Does legal tobacco and alcohol harm them in the long run? Most likely, but nobody can argue that a teenager (who’s only a teenager for 7 years), does irreparable damage to his body on such a large scale that it pales in comparison to the damage done in his remaining 50 years of life where they’re uninhibited by purchasing age laws. If anything, it’s quite the opposite. The younger the kid, the more springy and elastic they are. Any minor neurological damage done before age 25 has an exceptionally good chance of being repaired, among other reasons, because neuronal axons still get myelinated, thus showing mitotic cycles in otherwise mitotically-inactive cells. Thus, if you wanted to protect the most people, you’d do the exact opposite of how things stand today—legalize cigarettes and tobacco for anyone UNDER the age of 21, while making it illegal for people OVER the age of 21.

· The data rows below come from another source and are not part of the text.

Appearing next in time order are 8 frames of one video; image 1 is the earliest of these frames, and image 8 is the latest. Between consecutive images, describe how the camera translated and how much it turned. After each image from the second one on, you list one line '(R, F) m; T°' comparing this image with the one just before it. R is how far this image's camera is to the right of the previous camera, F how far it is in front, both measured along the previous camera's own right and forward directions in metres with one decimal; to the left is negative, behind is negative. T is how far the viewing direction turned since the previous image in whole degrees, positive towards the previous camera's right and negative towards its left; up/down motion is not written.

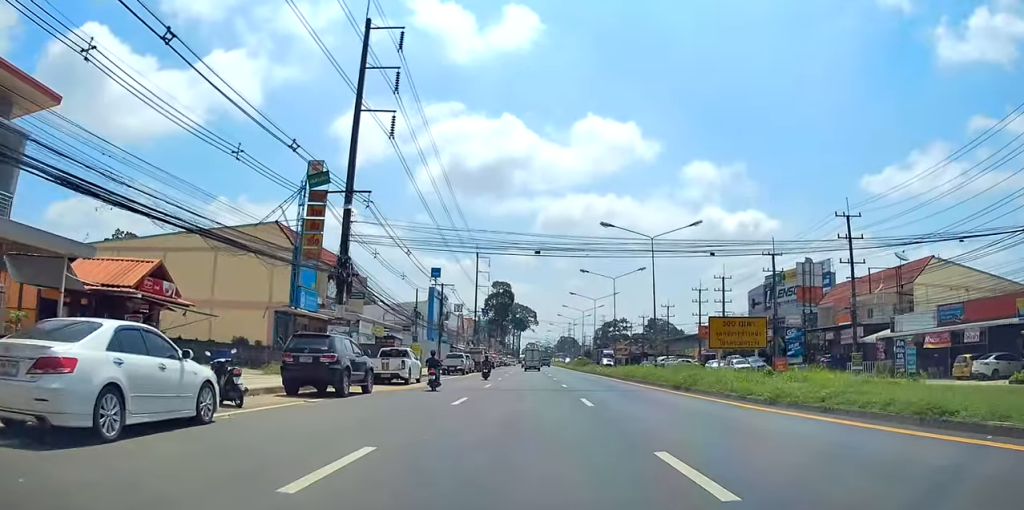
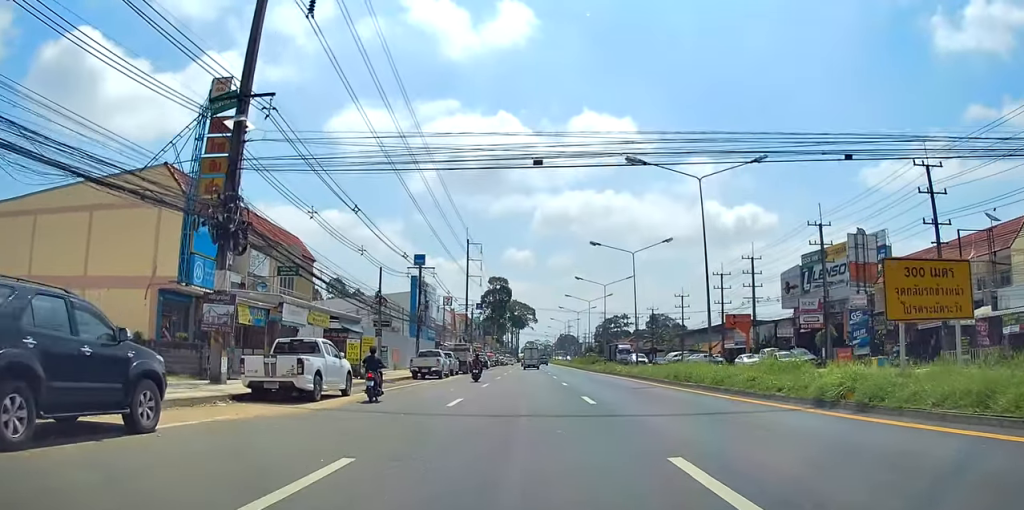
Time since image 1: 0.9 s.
(+0.1, +13.7) m; +1°
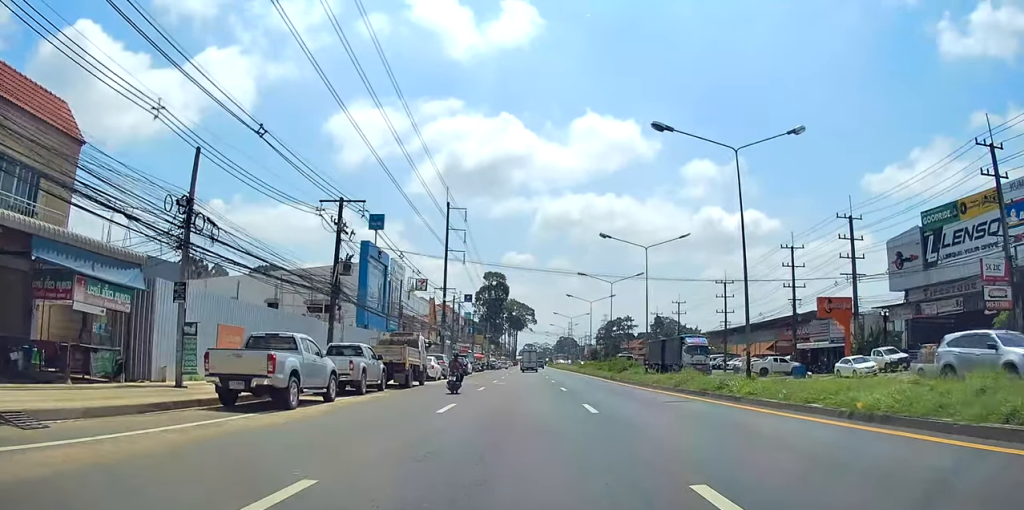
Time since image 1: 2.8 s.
(+0.5, +27.1) m; +2°
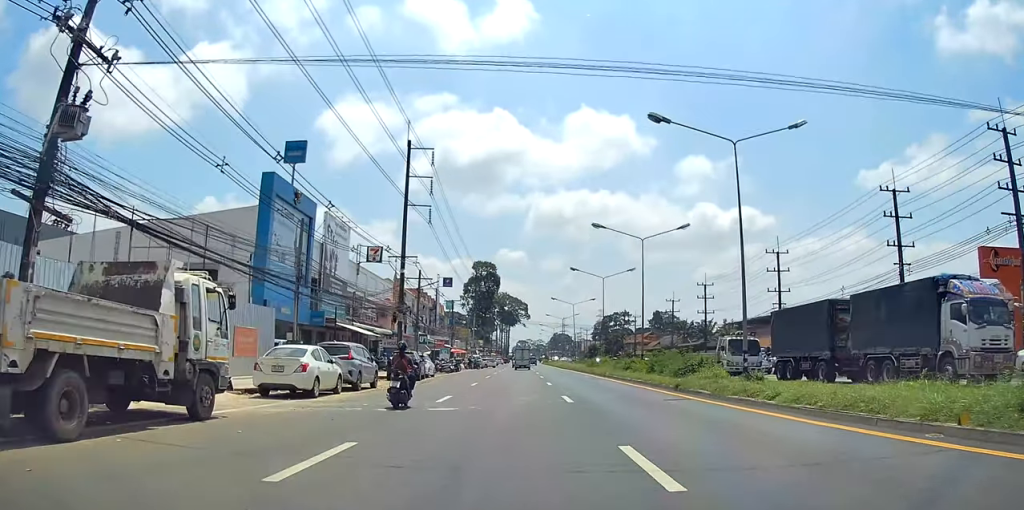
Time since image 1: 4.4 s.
(+0.7, +23.2) m; +2°
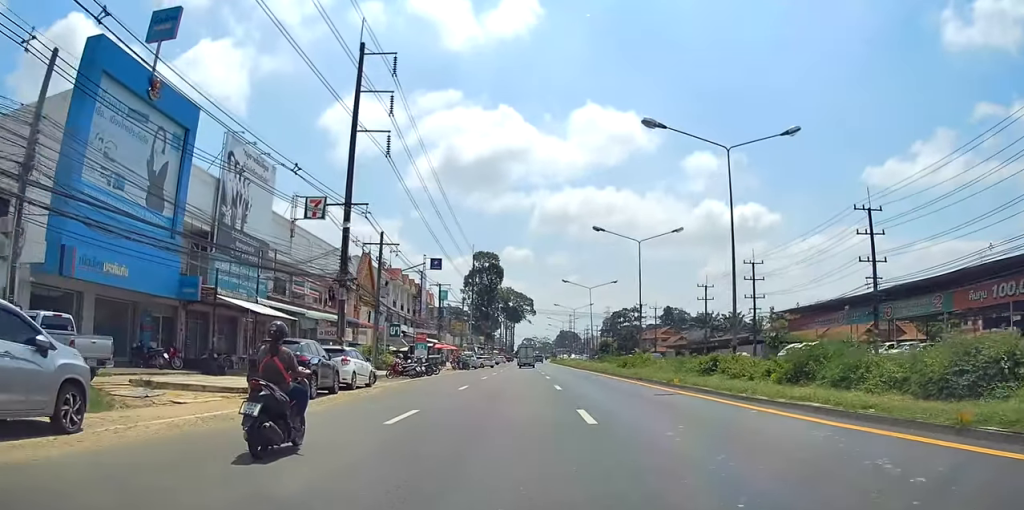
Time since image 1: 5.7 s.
(-0.5, +18.7) m; -2°
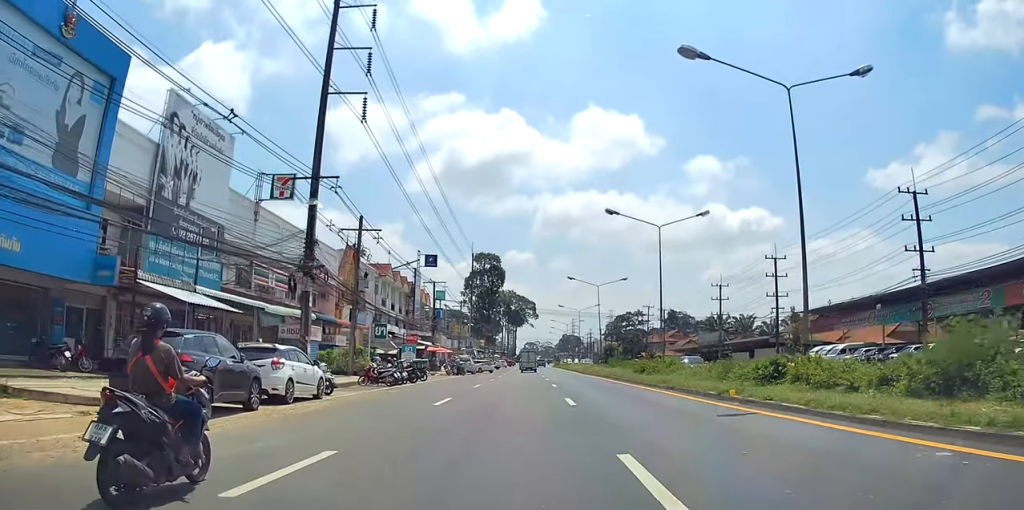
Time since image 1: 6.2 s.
(-0.1, +6.5) m; 0°
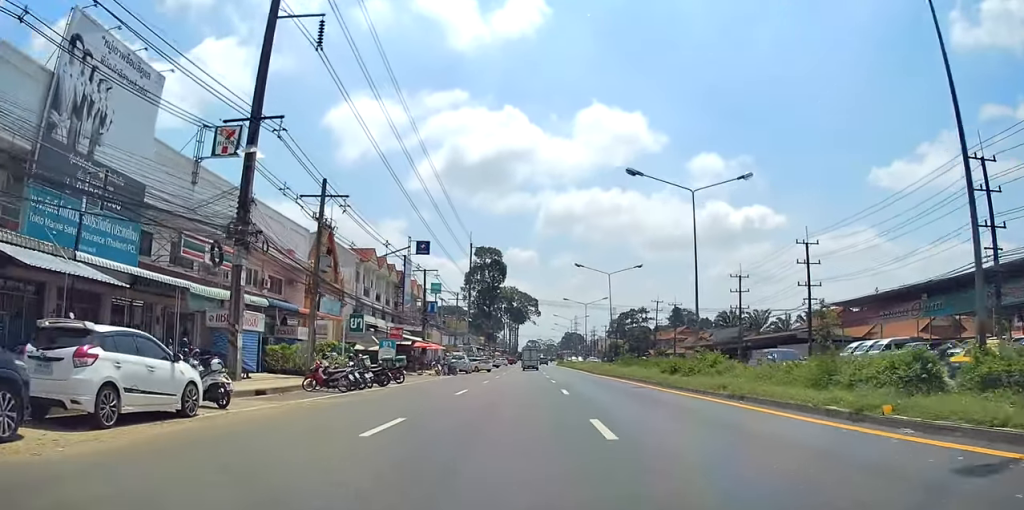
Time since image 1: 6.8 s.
(+0.1, +7.4) m; 0°
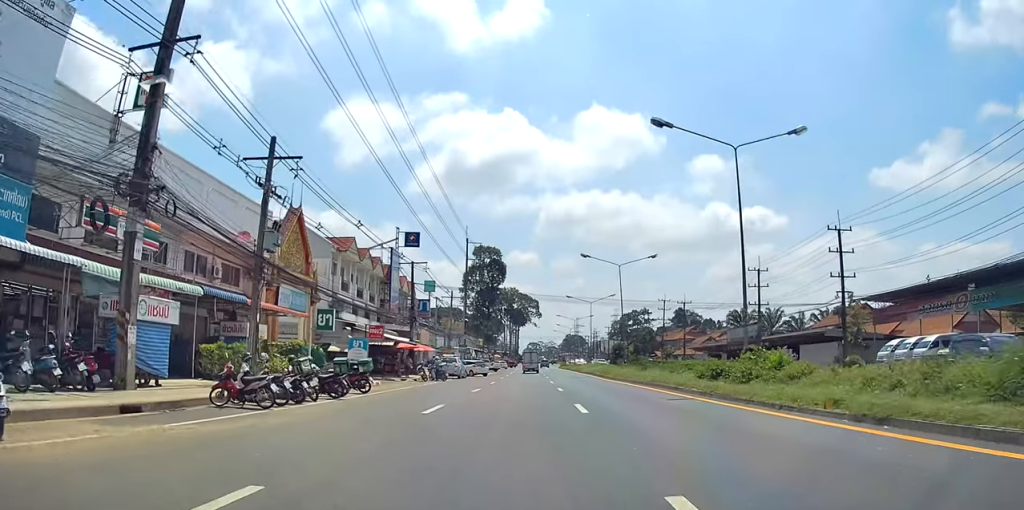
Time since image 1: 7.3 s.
(+0.2, +6.7) m; 0°

Thus, the way I see it, give the little shits alcohol and tobacco. They’ve been able to do it for the last 300 years—all during the time that this country was developing into the glory it is today—and everything so far has turned out fine… until they were outlawed.
If a kid wants to die of lung cancer or liver failure when he hits 50, so be it: at least he’s not going to mow down people with an AK-47 in the middle of the lunchroom when he’s twelve-- all because some he failed a history test or some dickhead pushed the him over the edge by calling him a fag. Instead, he can smoke, get high, get drunk, and flunk out school—just like he would have been able to do in the 60’s and every decade before that, even during the times in which it was commonplace for that same twelve year old to carry a rifle around.
Personally, I'd like to blow a few heads off myself, but the joys of liquor and weed remind me that it's not worth the hassle of cleaning the scene and dissolving down the bodies. The moral of the story? Lower the age limits of tobacco and alcohol so that teens can buy them again, otherwise they'll continue to find comfort in activities that relieve the pressure (i.e. shooting classmates), and they'll seek out people who won't ask for I.D. (i.e. drug dealers) to get drugs that are a thousand times more powerful and dangerous than anything over the counter (i.e. heroin and crystal meth).
Please: For the sake of the children, undo what you did for the sake of the children.
Cheers.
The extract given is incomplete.